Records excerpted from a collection
______________________________

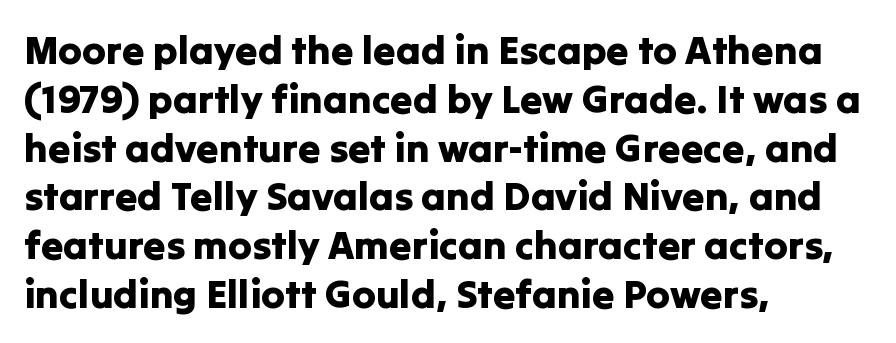
{"serif": "no", "italic": "no", "width": "normal", "stroke_contrast": "low", "x_height": "medium", "monospaced": "no", "underline": "no", "align": "left", "line_spacing_ratio": 1.22, "letter_spacing": "normal", "letter_spacing_em": 0.0, "glyph_px": 40}
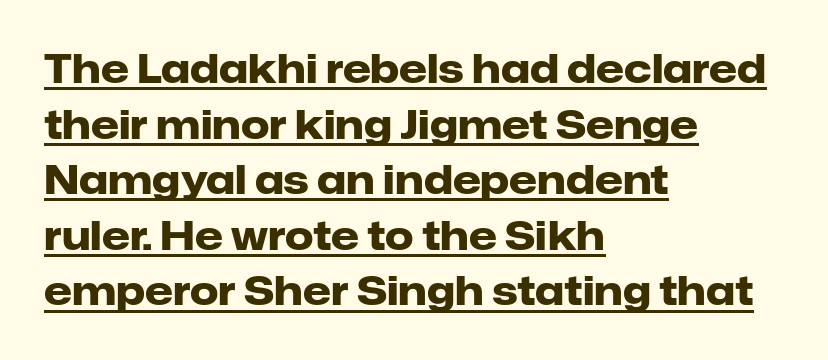
The image shows 40 px heavy sans-serif type, upright; set left-aligned, normal line spacing (1.39x), normal letter spacing, underlined; low stroke contrast and a medium x-height.
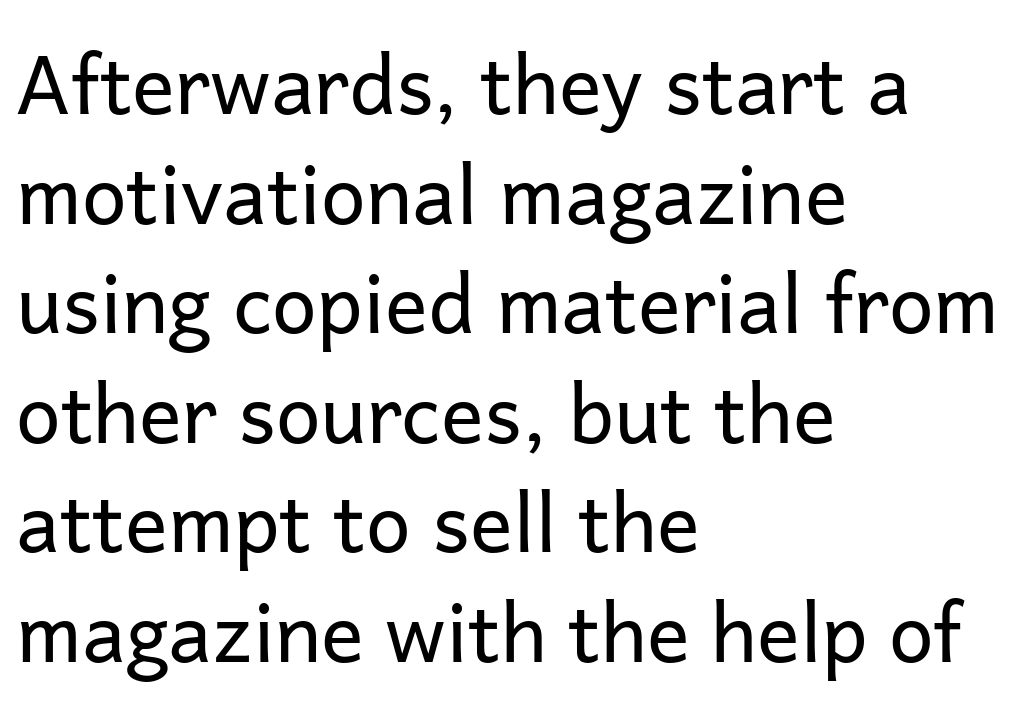
The image shows 80 px regular-weight sans-serif type, upright; set left-aligned, normal line spacing (1.37x), normal letter spacing, not underlined; low stroke contrast and a medium x-height.
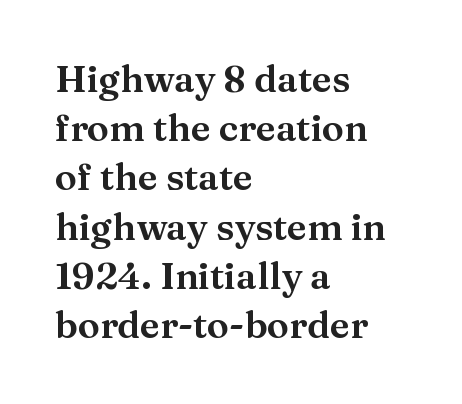
{"serif": "yes", "italic": "no", "width": "normal", "stroke_contrast": "medium", "x_height": "medium", "monospaced": "no", "underline": "no", "align": "left", "line_spacing": "normal", "line_spacing_ratio": 1.33, "letter_spacing": "normal", "letter_spacing_em": 0.0, "glyph_px": 37}
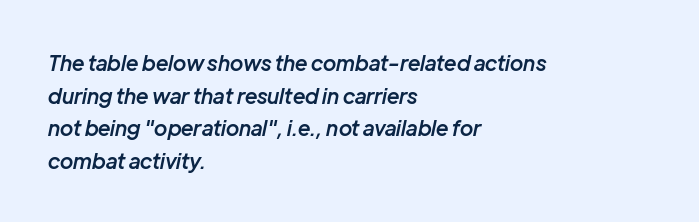
Honestly, there is no underline to notice here at all. A typesetter would call this zero additional tracking. All the whitespace from short lines collects on the right. The specimen reads as italic at a glance. I'd describe the lettering as semibold — firm but not a full bold. Reading down the column, the eye jumps a familiar distance to each next line.
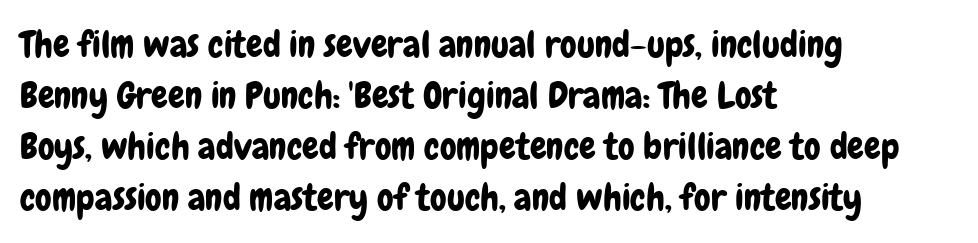
{"serif": "no", "italic": "no", "width": "condensed", "stroke_contrast": "low", "x_height": "medium", "monospaced": "no", "underline": "no", "align": "left", "line_spacing": "normal", "line_spacing_ratio": 1.38, "letter_spacing": "normal", "letter_spacing_em": 0.0, "glyph_px": 37}
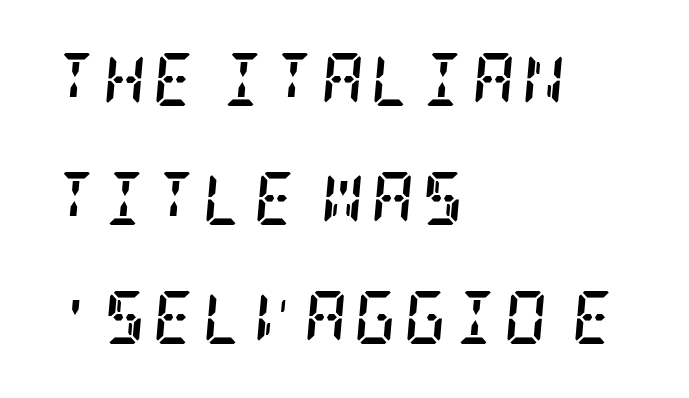
The image shows 53 px semibold, condensed serif type, italic (leaning right); set left-aligned, loose line spacing (2.25x), not underlined; low stroke contrast and a large x-height.
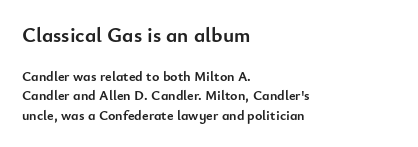
There is no visible air inserted between adjacent glyphs. The passage shown is not underscored anywhere. Normally led — the rows are evenly, conventionally spaced. Alignment: flush left. Typographic density is high because the face is bold. Every stem runs plumb, perpendicular to the baseline.
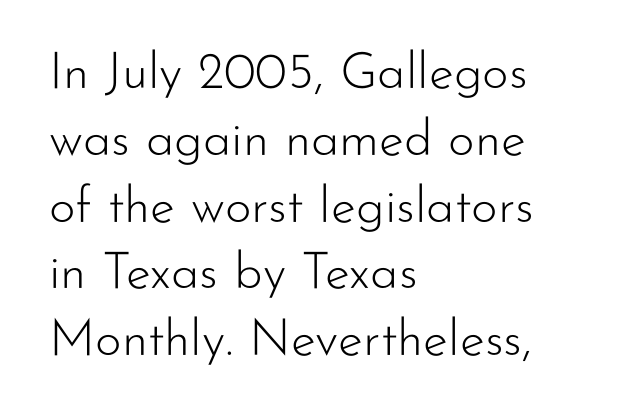
The image shows 51 px light sans-serif type, upright; set left-aligned, normal line spacing (1.31x), normal letter spacing, not underlined; low stroke contrast and a small x-height.
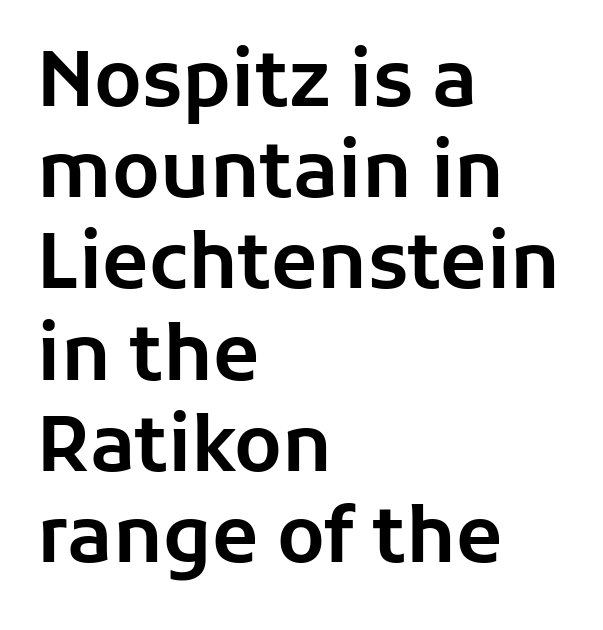
Q: Is the text italic (slanted)? A: No, it is upright.
Q: Is the typeface a serif or a sans-serif typeface? A: Sans-serif.
Q: Is the text underlined? A: No.
Q: How is the paragraph aligned? A: Left-aligned.
Q: Is the spacing between letters normal or unusually wide? A: Normal.
Q: Width (condensed, normal, or wide)? A: Normal.
Q: Stroke contrast? A: Low.
Q: x-height? A: Medium.
Q: Monospaced? A: No.
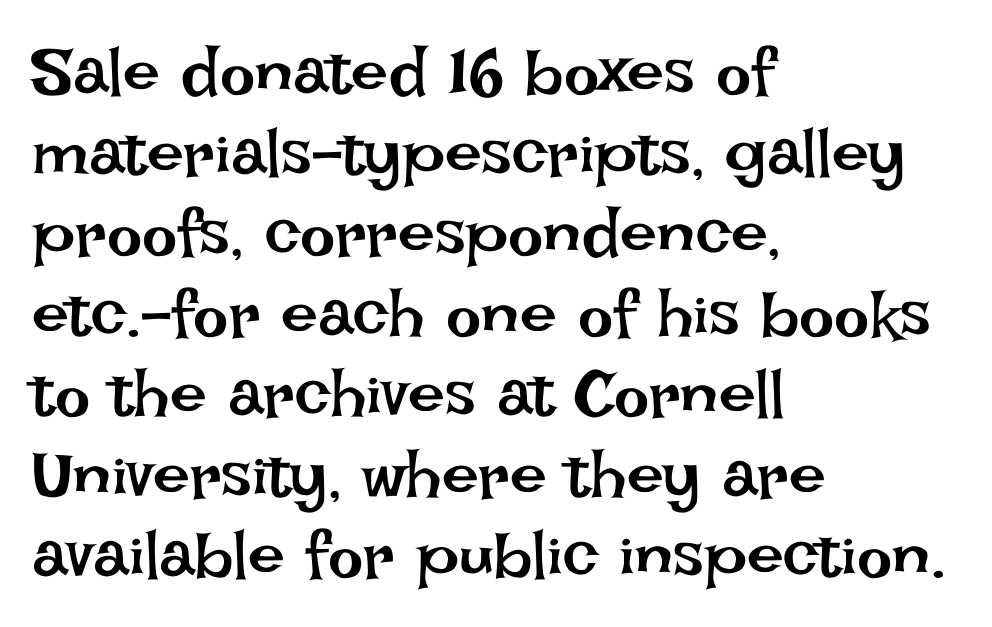
{"italic": "no", "bold": "no", "weight": "regular", "width": "normal", "stroke_contrast": "low", "x_height": "large", "monospaced": "no", "underline": "no", "align": "left", "line_spacing_ratio": 1.22, "letter_spacing": "normal", "letter_spacing_em": 0.0, "glyph_px": 66}
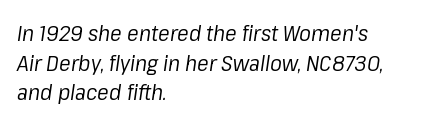
Horizontal alignment here is leftward, the default for most running prose. The leading is moderate, giving the passage an even texture. The letters look calm and open, with moderate or lighter stems. Nobody drew a line under any word here. The face used here has a pronounced slope to its letters.
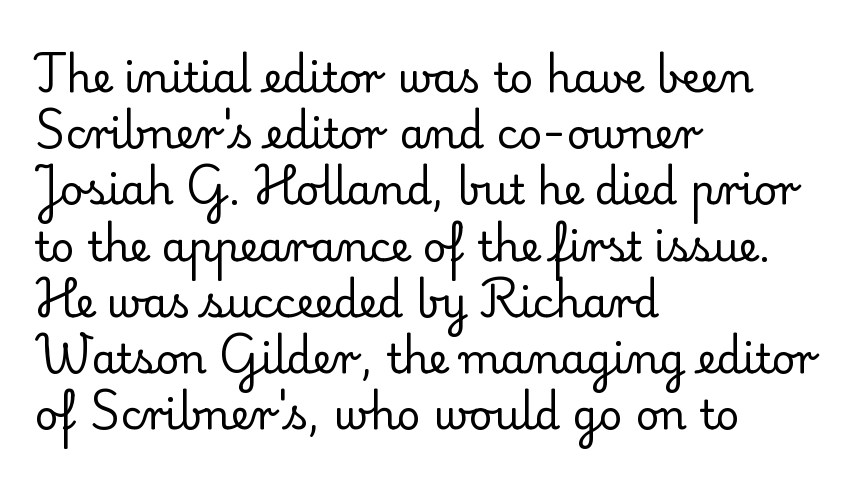
{"serif": "yes", "italic": "no", "bold": "no", "weight": "regular", "width": "normal", "stroke_contrast": "low", "x_height": "small", "monospaced": "no", "underline": "no", "align": "left", "line_spacing": "normal", "line_spacing_ratio": 1.37, "letter_spacing": "normal", "letter_spacing_em": 0.0, "glyph_px": 41}
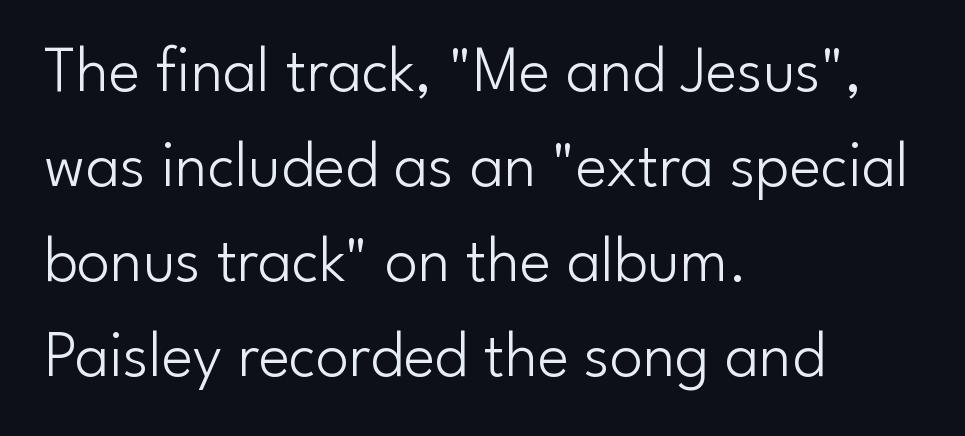
Q: Is the text bold? A: No.
Q: Is the text italic (slanted)? A: No, it is upright.
Q: Is the typeface a serif or a sans-serif typeface? A: Sans-serif.
Q: Is the text underlined? A: No.
Q: How is the paragraph aligned? A: Left-aligned.
Q: Is the spacing between letters normal or unusually wide? A: Normal.
Q: Is the spacing between lines tight, normal or loose? A: Normal.
Q: Width (condensed, normal, or wide)? A: Normal.
Q: Stroke contrast? A: Low.
Q: x-height? A: Small.
Q: Monospaced? A: No.
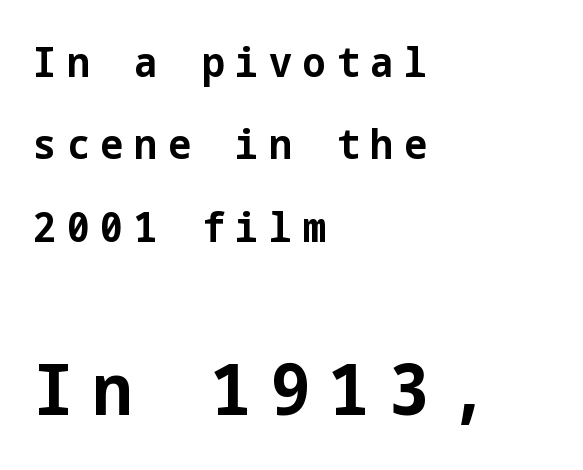
This sample trades compactness for vertical openness between lines. These lines have a slow, spaced-out rhythm from letter to letter. These lines stack with their left ends in a neat column. Check where the strokes stop: nothing finishes them off — pure sans.
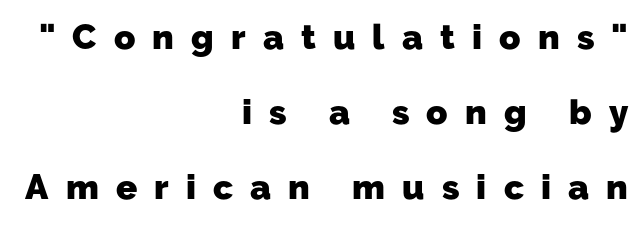
Descenders are the only things crossing below the line. In terms of letterform style, serifs are entirely absent. The passage shown is typed in a proportional face where columns would drift. Words appear elongated and porous because spacing is wide. In CSS terms this would be text-align: right. Plenty of ink on the page — the face is bold.
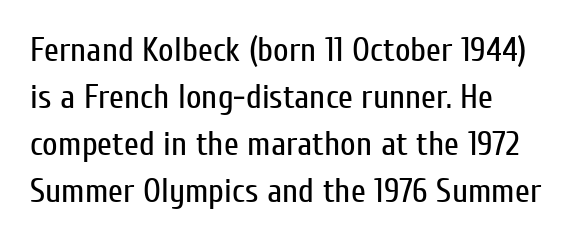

______________________________

What to produce |
Across the records, count the lines holding the string "passage". Give the number and stop.

Output for this exercise |
3